A: [This proof uses degree theory.]
If $f(x) = 0$ for some $x\in S^n$ then we are done.
Assume now that $f(x)\neq 0$ for every $x\in S^n$.
Let $h\colon [0,1]\times B\to\mathbb{R}^n$ be the continuous map defined by
$$
h(t,x) := (1-t)x + t f(x).
$$
We have that $h(t,x)\neq 0$ for every $t\in [0,1]$ and for every $x\in S^n$.
Namely, if $t=1$ then $h(1,x) = f(x) \neq 0$ for every $x\in S^n$, whereas for $t\in [0,1)$ one has
$$
x\cdot h(t,x) = (1-t)|x|^2 + t x\cdot f(x) \geq 1-t > 0
\qquad
\forall t\in [0,1),\ \forall x\in S^n.
$$
Hence $\text{deg}(f, B, 0) = \text{deg}(id, B, 0) = 1$, so that $f$ has a zero in $B$.
A: I will elaborate my comment here. We use the fact that the identity map of $S^n$ is not homotopic to any constant map, and I will argue that there can be no simpler proof than this, since this fact (along with a lot of more elementary stuff) is equivalent to the statement to be proved.
First, assume for contradiction that $0 \notin f(B)$ ($B = B(0,1)$). Then define $g:S^n\rightarrow S^n$ by $g(x) = \frac{f(x)}{|f(x)|}$. 
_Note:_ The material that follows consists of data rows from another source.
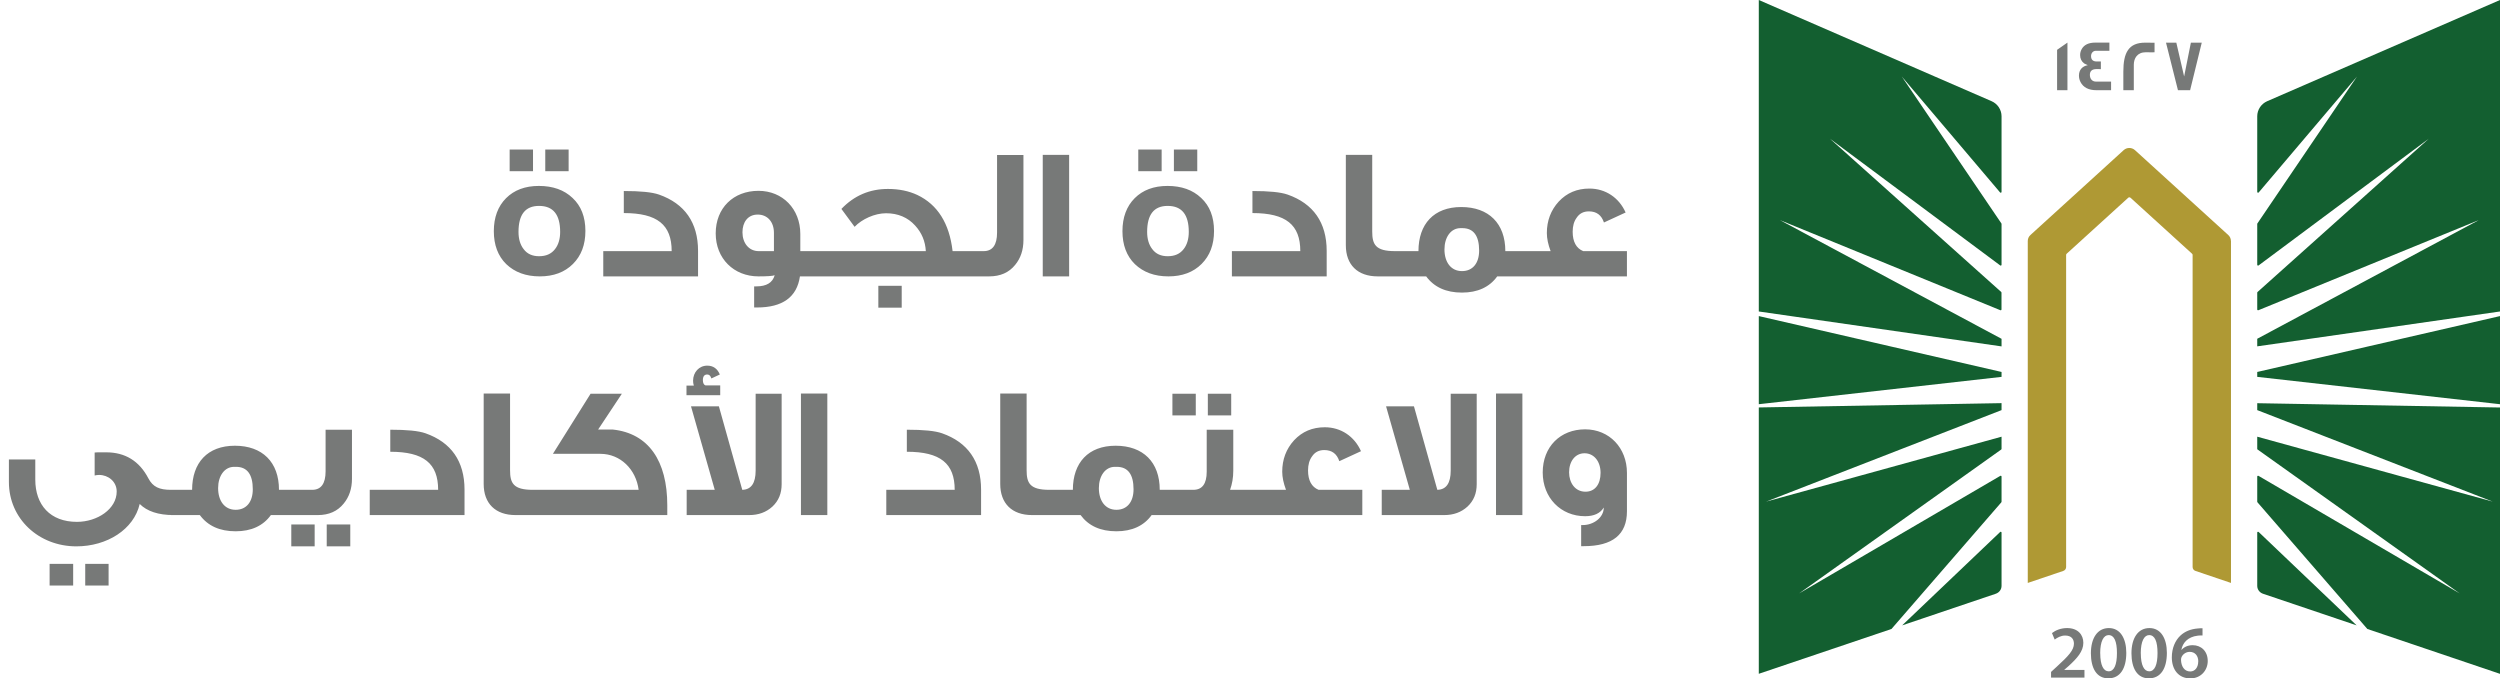 <svg width="199" height="54" viewBox="0 0 199 54" fill="none" xmlns="http://www.w3.org/2000/svg">
<path d="M45.263 13.63H43.403V11.905H45.263V13.63ZM42.428 13.63H40.568V11.905H42.428V13.63ZM46.598 18.385C46.598 19.48 46.268 20.35 45.608 21.01C44.948 21.67 44.063 22 42.968 22C41.858 22 40.973 21.67 40.298 21.025C39.638 20.38 39.308 19.495 39.308 18.4C39.308 17.305 39.638 16.42 40.283 15.775C40.928 15.13 41.798 14.8 42.893 14.8C44.003 14.8 44.903 15.115 45.578 15.76C46.253 16.39 46.598 17.26 46.598 18.385ZM44.588 18.46C44.588 17.08 44.033 16.39 42.908 16.39C41.813 16.39 41.273 17.08 41.273 18.46C41.273 19.015 41.408 19.48 41.678 19.825C41.963 20.215 42.383 20.395 42.908 20.395C43.463 20.395 43.883 20.215 44.183 19.825C44.453 19.48 44.588 19.015 44.588 18.46ZM55.565 22H48.02V19.99H53.465C53.465 17.89 52.325 16.96 49.655 16.96V15.205C50.975 15.205 51.905 15.295 52.46 15.49C54.5 16.21 55.565 17.71 55.565 19.975V22ZM65.655 22H63.675C63.435 23.65 62.295 24.475 60.255 24.475H60.03V22.795H60.21C61.02 22.795 61.5 22.495 61.665 21.91C61.5 21.97 61.08 22 60.375 22C58.41 22 56.97 20.575 56.97 18.58C56.97 16.555 58.38 15.19 60.375 15.19C62.295 15.19 63.705 16.63 63.705 18.625V19.99H65.655V22ZM61.605 19.99V18.535C61.605 17.65 61.08 17.08 60.315 17.08C59.52 17.08 59.1 17.695 59.1 18.49C59.1 19.345 59.61 19.99 60.39 19.99H61.605ZM77.716 22H65.176V19.99H73.696C73.651 19.195 73.366 18.52 72.841 17.95C72.256 17.305 71.476 16.975 70.531 16.975C69.631 16.975 68.611 17.44 68.026 18.055C67.816 17.77 67.471 17.305 66.976 16.63C67.996 15.565 69.226 15.04 70.681 15.04C71.566 15.04 72.346 15.205 73.021 15.52C74.626 16.285 75.571 17.77 75.826 19.99H77.716V22ZM71.776 24.49H69.916V22.75H71.776V24.49ZM81.466 19.105C81.466 19.9 81.241 20.56 80.806 21.085C80.311 21.7 79.621 22 78.736 22H76.756V19.99H78.301C79.006 19.99 79.366 19.495 79.366 18.52V12.34H81.466V19.105ZM85.103 22H83.003V12.325H85.103V22ZM95.302 13.63H93.442V11.905H95.302V13.63ZM92.467 13.63H90.607V11.905H92.467V13.63ZM96.637 18.385C96.637 19.48 96.307 20.35 95.647 21.01C94.987 21.67 94.102 22 93.007 22C91.897 22 91.012 21.67 90.337 21.025C89.677 20.38 89.347 19.495 89.347 18.4C89.347 17.305 89.677 16.42 90.322 15.775C90.967 15.13 91.837 14.8 92.932 14.8C94.042 14.8 94.942 15.115 95.617 15.76C96.292 16.39 96.637 17.26 96.637 18.385ZM94.627 18.46C94.627 17.08 94.072 16.39 92.947 16.39C91.852 16.39 91.312 17.08 91.312 18.46C91.312 19.015 91.447 19.48 91.717 19.825C92.002 20.215 92.422 20.395 92.947 20.395C93.502 20.395 93.922 20.215 94.222 19.825C94.492 19.48 94.627 19.015 94.627 18.46ZM105.604 22H98.059V19.99H103.504C103.504 17.89 102.364 16.96 99.694 16.96V15.205C101.014 15.205 101.944 15.295 102.499 15.49C104.539 16.21 105.604 17.71 105.604 19.975V22ZM111.644 22H109.664C108.059 22 107.129 21.07 107.129 19.525V12.325H109.229V18.43C109.229 19.45 109.484 19.99 111.029 19.99H111.644V22ZM121.579 22H119.179C118.564 22.855 117.619 23.29 116.374 23.29C115.099 23.29 114.154 22.855 113.524 22H111.229V19.99H112.909C112.909 17.83 114.139 16.48 116.314 16.48C118.504 16.48 119.824 17.785 119.824 19.99H121.579V22ZM117.739 19.945C117.739 18.76 117.289 18.16 116.404 18.16H116.254C115.489 18.16 114.979 18.88 114.979 19.855C114.979 20.86 115.489 21.58 116.374 21.58C117.229 21.58 117.739 20.95 117.739 19.945ZM129.504 22H121.059V19.99H123.429C123.234 19.465 123.129 18.985 123.129 18.55C123.129 17.575 123.444 16.735 124.074 16.045C124.719 15.355 125.529 15.01 126.519 15.01C127.794 15.01 128.874 15.73 129.399 16.915L127.674 17.71C127.479 17.125 127.089 16.825 126.474 16.825C126.054 16.825 125.724 16.99 125.499 17.335C125.289 17.62 125.184 17.995 125.184 18.445C125.184 19.24 125.469 19.765 126.024 19.99H129.504V22Z" fill="#777978"/>
<path d="M13.925 41H13.819C12.604 41 11.704 40.7 11.12 40.115C10.655 42.14 8.524 43.49 6.079 43.49C3.079 43.49 0.709 41.285 0.709 38.375V36.575H2.809V38.18C2.809 40.19 3.994 41.54 6.124 41.54C7.744 41.54 9.289 40.52 9.289 39.125C9.289 38.33 8.614 37.805 7.894 37.805C7.774 37.805 7.654 37.82 7.534 37.85V36.02C7.534 36.005 7.834 36.005 8.449 36.005C9.964 36.005 11.089 36.695 11.809 38.075C12.169 38.765 12.694 38.99 13.595 38.99H13.925V41ZM8.644 46.61H6.784V44.885H8.644V46.61ZM5.824 46.61H3.949V44.885H5.824V46.61ZM23.962 41H21.562C20.947 41.855 20.002 42.29 18.757 42.29C17.482 42.29 16.537 41.855 15.907 41H13.612V38.99H15.292C15.292 36.83 16.522 35.48 18.697 35.48C20.887 35.48 22.207 36.785 22.207 38.99H23.962V41ZM20.122 38.945C20.122 37.76 19.672 37.16 18.787 37.16H18.637C17.872 37.16 17.362 37.88 17.362 38.855C17.362 39.86 17.872 40.58 18.757 40.58C19.612 40.58 20.122 39.95 20.122 38.945ZM28.017 38.105C28.017 38.9 27.792 39.56 27.357 40.085C26.862 40.7 26.172 41 25.302 41H23.517V38.99H24.852C25.557 38.99 25.917 38.495 25.917 37.52V34.205H28.017V38.105ZM27.882 43.49H26.007V41.75H27.882V43.49ZM25.047 43.49H23.187V41.75H25.047V43.49ZM36.976 41H29.431V38.99H34.876C34.876 36.89 33.736 35.96 31.066 35.96V34.205C32.386 34.205 33.316 34.295 33.871 34.49C35.911 35.21 36.976 36.71 36.976 38.975V41ZM43.016 41H41.036C39.431 41 38.501 40.07 38.501 38.525V31.325H40.601V37.43C40.601 38.45 40.856 38.99 42.401 38.99H43.016V41ZM53.116 41H42.196V38.99H50.836C50.626 37.355 49.381 36.125 47.791 36.125H44.011L47.011 31.34H49.501L47.611 34.19H48.766C51.631 34.49 53.116 36.695 53.116 40.22V41ZM62.219 38.54C62.219 39.275 61.979 39.86 61.484 40.325C60.989 40.775 60.374 41 59.639 41H54.659V38.99H56.894L55.004 32.345H57.224L59.084 38.99C59.789 38.975 60.149 38.465 60.149 37.46V31.34H62.219V38.54ZM57.329 31.46H54.644V30.695H55.229C55.184 30.56 55.169 30.425 55.169 30.305C55.169 29.63 55.649 29.105 56.294 29.105C56.774 29.105 57.104 29.345 57.299 29.81L56.624 30.125C56.564 29.915 56.459 29.81 56.294 29.81C56.069 29.81 55.949 29.96 55.949 30.26C55.949 30.485 56.024 30.635 56.159 30.68H57.329V31.46ZM65.855 41H63.755V31.325H65.855V41ZM78.094 41H70.549V38.99H75.994C75.994 36.89 74.854 35.96 72.184 35.96V34.205C73.504 34.205 74.434 34.295 74.989 34.49C77.029 35.21 78.094 36.71 78.094 38.975V41ZM84.134 41H82.154C80.549 41 79.619 40.07 79.619 38.525V31.325H81.719V37.43C81.719 38.45 81.974 38.99 83.519 38.99H84.134V41ZM94.07 41H91.67C91.055 41.855 90.11 42.29 88.865 42.29C87.59 42.29 86.645 41.855 86.015 41H83.72V38.99H85.4C85.4 36.83 86.63 35.48 88.805 35.48C90.995 35.48 92.315 36.785 92.315 38.99H94.07V41ZM90.23 38.945C90.23 37.76 89.78 37.16 88.895 37.16H88.745C87.98 37.16 87.47 37.88 87.47 38.855C87.47 39.86 87.98 40.58 88.865 40.58C89.72 40.58 90.23 39.95 90.23 38.945ZM98.004 33.065H96.144V31.34H98.004V33.065ZM95.184 33.065H93.324V31.34H95.184V33.065ZM100.374 41H93.609V38.99H94.989C95.694 38.99 96.054 38.51 96.054 37.55V34.205H98.169V37.475C98.169 38.03 98.079 38.525 97.914 38.99H100.374V41ZM108.44 41H99.995V38.99H102.365C102.17 38.465 102.065 37.985 102.065 37.55C102.065 36.575 102.38 35.735 103.01 35.045C103.655 34.355 104.465 34.01 105.455 34.01C106.73 34.01 107.81 34.73 108.335 35.915L106.61 36.71C106.415 36.125 106.025 35.825 105.41 35.825C104.99 35.825 104.66 35.99 104.435 36.335C104.225 36.62 104.12 36.995 104.12 37.445C104.12 38.24 104.405 38.765 104.96 38.99H108.44V41ZM117.546 38.54C117.546 39.275 117.306 39.86 116.811 40.325C116.316 40.775 115.701 41 114.966 41H109.986V38.99H112.221L110.331 32.345H112.551L114.411 38.99C115.116 38.975 115.476 38.465 115.476 37.46V31.34H117.546V38.54ZM121.182 41H119.082V31.325H121.182V41ZM129.505 40.7C129.505 42.545 128.365 43.475 126.07 43.475H125.86V41.795H125.995C126.835 41.795 127.66 41.21 127.66 40.4C127.375 40.865 126.88 41.09 126.175 41.09C124.24 41.09 122.8 39.62 122.8 37.61C122.8 35.555 124.21 34.175 126.175 34.175C128.11 34.175 129.505 35.66 129.505 37.64V40.7ZM127.405 37.64C127.405 36.725 126.88 36.08 126.13 36.08C125.395 36.08 124.9 36.71 124.9 37.595C124.9 38.435 125.38 39.14 126.205 39.14C126.955 39.14 127.405 38.555 127.405 37.64Z" fill="#777978"/>
<path d="M159.323 32.645L140.577 39.93L159.323 34.761V35.73C159.323 35.751 159.311 35.771 159.295 35.783L143.213 47.234L159.222 37.879C159.266 37.855 159.323 37.882 159.323 37.935V39.938C159.323 39.938 159.32 39.97 159.308 39.982L150.561 50.066L140 53.634V32.433L159.323 32.09V32.645ZM159.21 42.348C159.251 42.307 159.323 42.335 159.323 42.395V46.635C159.323 46.916 159.14 47.166 158.872 47.259L151.41 49.78L159.21 42.348ZM159.323 29.608V29.999L140 32.175V25.16L159.323 29.608ZM158.535 8.057C159.011 8.266 159.323 8.737 159.323 9.256V15.277C159.323 15.337 159.247 15.365 159.206 15.317L151.382 6.09L159.312 17.787C159.313 17.79 159.323 17.812 159.323 17.823V21.077C159.323 21.129 159.262 21.161 159.218 21.129L145.66 11.037L159.3 23.245C159.302 23.248 159.319 23.274 159.319 23.293V24.633C159.319 24.681 159.271 24.709 159.227 24.693L141.676 17.518L159.323 26.97V27.573L140 24.794V0L158.535 8.057Z" fill="#135F30"/>
<path d="M177.586 19.186V46.402L174.756 45.444C174.622 45.4 174.532 45.275 174.532 45.135V20.293C174.532 20.256 174.516 20.22 174.487 20.196L169.587 15.739C169.538 15.695 169.457 15.695 169.408 15.739L164.508 20.196C164.48 20.22 164.464 20.256 164.464 20.293V45.135C164.464 45.275 164.374 45.4 164.24 45.444L161.41 46.402V19.186C161.41 19.001 161.487 18.828 161.625 18.704L169.046 11.95C169.299 11.721 169.689 11.721 169.941 11.95L177.366 18.704C177.505 18.828 177.582 19.001 177.582 19.186H177.586Z" fill="#AF9934"/>
<path d="M199 32.437V53.638L188.44 50.066L179.693 39.982C179.681 39.97 179.676 39.938 179.676 39.938V37.935C179.676 37.882 179.733 37.855 179.778 37.879L195.788 47.234L179.705 35.783C179.688 35.771 179.676 35.751 179.676 35.73V34.761L198.422 39.93L179.676 32.645V32.095L199 32.437ZM179.791 42.348L187.589 49.78L180.127 47.259C179.859 47.166 179.676 46.916 179.676 46.635V42.395C179.676 42.335 179.75 42.307 179.791 42.348ZM199 32.175L179.676 29.999V29.608L199 25.16V32.175ZM199 24.794L179.676 27.569V26.966L197.325 17.514L179.77 24.693C179.725 24.709 179.676 24.681 179.676 24.633V23.293C179.677 23.273 179.697 23.245 179.697 23.245L193.335 11.037L179.782 21.129C179.737 21.161 179.676 21.129 179.676 21.077V17.823C179.676 17.812 179.686 17.79 179.688 17.787L187.618 6.09L179.794 15.317C179.754 15.366 179.677 15.337 179.676 15.277V9.256C179.676 8.737 179.99 8.266 180.465 8.057L199 0V24.794Z" fill="#135F30"/>
<path d="M175.321 50.01V50.581C175.213 50.578 175.097 50.581 174.95 50.597C174.129 50.694 173.735 51.188 173.637 51.727H173.654C173.845 51.51 174.142 51.357 174.536 51.357C175.211 51.357 175.736 51.833 175.736 52.617C175.735 53.357 175.186 54.001 174.353 54.001C173.401 54 172.877 53.288 172.877 52.331C172.877 51.587 173.149 50.979 173.556 50.597C173.914 50.259 174.389 50.07 174.947 50.026C175.109 50.006 175.231 50.006 175.321 50.01ZM167.866 49.994C168.781 49.994 169.253 50.83 169.253 51.968C169.253 53.215 168.761 53.996 167.822 53.996C166.882 53.995 166.439 53.183 166.435 52.004C166.435 50.802 166.952 49.994 167.866 49.994ZM171.096 49.994C172.011 49.994 172.483 50.83 172.483 51.968C172.483 53.215 171.99 53.995 171.051 53.996C170.112 53.996 169.668 53.183 169.664 52.004C169.664 50.802 170.181 49.994 171.096 49.994ZM164.541 49.994C165.407 49.994 165.834 50.533 165.834 51.169C165.834 51.848 165.342 52.395 164.655 53.023L164.317 53.316V53.329H165.923V53.936H163.272L163.264 53.931V53.485L163.728 53.059C164.647 52.218 165.081 51.752 165.085 51.241C165.085 50.891 164.898 50.589 164.386 50.589C164.041 50.589 163.748 50.762 163.553 50.911L163.337 50.392C163.618 50.171 164.045 49.994 164.541 49.994ZM174.3 51.888C174.019 51.888 173.771 52.057 173.657 52.291C173.629 52.347 173.609 52.419 173.609 52.52C173.621 53.031 173.865 53.449 174.345 53.449C174.727 53.449 174.979 53.119 174.979 52.653L174.984 52.657C174.984 52.21 174.735 51.888 174.3 51.888ZM167.846 50.553C167.452 50.553 167.175 51.035 167.175 52.001L167.179 52.004C167.179 52.95 167.439 53.437 167.846 53.437C168.285 53.437 168.509 52.914 168.509 51.985C168.509 51.056 168.293 50.553 167.846 50.553ZM171.075 50.553C170.681 50.553 170.405 51.035 170.405 52.001L170.408 52.004C170.408 52.95 170.669 53.437 171.075 53.437C171.514 53.437 171.739 52.914 171.739 51.985C171.739 51.056 171.523 50.553 171.075 50.553ZM175.329 50.581L175.321 50.585V50.581C175.323 50.582 175.327 50.581 175.329 50.581Z" fill="#777978"/>
<path d="M164.569 7.18H163.744V3.966L164.569 3.391V7.18ZM167.908 4.042H166.834C166.603 4.042 166.448 4.232 166.448 4.465C166.448 4.754 166.603 4.895 166.904 4.895C166.921 4.895 166.973 4.895 167.07 4.891H167.229V5.507C167.229 5.507 167.164 5.506 167.062 5.498H166.883C166.534 5.498 166.354 5.651 166.354 5.957C166.354 6.263 166.525 6.496 166.842 6.496H168.042V7.172L168.038 7.18H166.875C166.257 7.18 165.833 6.963 165.61 6.532C165.529 6.375 165.484 6.202 165.484 6.021C165.484 5.575 165.733 5.273 166.188 5.188C166.123 5.164 166.025 5.116 165.903 5.052C165.683 4.887 165.578 4.665 165.578 4.38C165.578 4.203 165.627 4.038 165.716 3.886C165.911 3.556 166.269 3.391 166.786 3.391H167.908V4.042ZM170.758 3.395C171.226 3.395 171.47 3.394 171.502 3.402V4.159H171.499C171.499 4.159 171.437 4.167 171.328 4.167C171.21 4.167 171.035 4.159 170.807 4.159C170.116 4.159 169.851 4.653 169.851 5.156V7.18H169.018V5.703C169.018 4.203 169.429 3.395 170.758 3.395ZM173.857 6.086L174.394 3.395H175.26L174.333 7.18H173.365L172.414 3.395H173.235L173.857 6.086Z" fill="#777978"/>
</svg>

We first show that this is homotopic to the identity. The homotopy is simply given by $F(t,x) = \frac{(1-t)x +tg(x)}{|(1-t)x +tg(x)|}$, which is defined and continuous if the denominator is nowhere zero. We compute
\begin{equation}
|(1-t)x +tg(x)|^2 = (1-t)^2|x|^2 + t^2 g(x)^2 + 2t(1-t)x\cdot g(x).
\end{equation}
By the condition on $f$ each of these terms is nonnegative, and by our "assumption-for-contradiction" one of the first terms is always positive. So $F$ is a continuous map. Clearly $F(0,x)=x$ and $F(1,x)= g(x)$. 
Next we show that $g$ is also homotopic to a constant map. This homotopy is given by $G(t,x) = \frac{f(tx)}{|f(tx)|}$, which is a well-defined continuous map by our "assumption-for-contradiction". Clearly $G(1,x) = g(x)$ and $G(0,x) = x_0 = \frac{f(0)}{|f(0)|}$. 
Now since homotopy is an equivalence relation (in particular transitive), this means that the identity of $S^n$ is homotopic to a constant map, which is not true. Therefore the assumption $0\notin f(B)$ is false!
Now I'll attempt to show that you need to use the fact that the identity is not homotopic to a constant map, and by this I mean that the "zero-statement" you wish to prove in fact implies the "homotopy-statement". To show this, assume the converse of the "homotopy-statement", i.e. that there exists a homotopy $F:I\times S^n\rightarrow S^n$ from the identity of $S^n$ to a constant map. From this we construct a counterexample to the "zero-statement", which I call $f: \mathbb{R}^{n+1}\rightarrow \mathbb{R}^{n+1}$.
For $|x|\geq 1$, let $f(x) = x$. For $1\geq|x|> 0$ let $f(x) = F(|x|,\frac{x}{|x|})$, and let $f(0) = F(0,-) = x_0$. Here we take $F(1,-)$ to by the identity and $F(0,-)$ to be constant. By the pasting lemma, $f$ is continuous even where $|x| = 1$. It remains to check that it is continuous at $0$. To see this, pick any neighborhood $V$ of $f(0)=x_0$. Then $F^{-1}(V)\subset I\times S^n$ contains the strip $\{0\}\times S^n$, and by the tube lemma also some tube $[0,\varepsilon)\times S^n$. This proves that when $|x|<\varepsilon$,  $\ f(x)\in V$, so the open ball $B(0,\varepsilon)$ is mapped into $V$, proving continuity at $0$.
The map $f$ satifies $x\cdot f(x) = x\cdot x =1\geq 0$ for $x\in S^n$, but by construction there is no point at all which is mapped to zero, so it contradicts the "zero-statement"!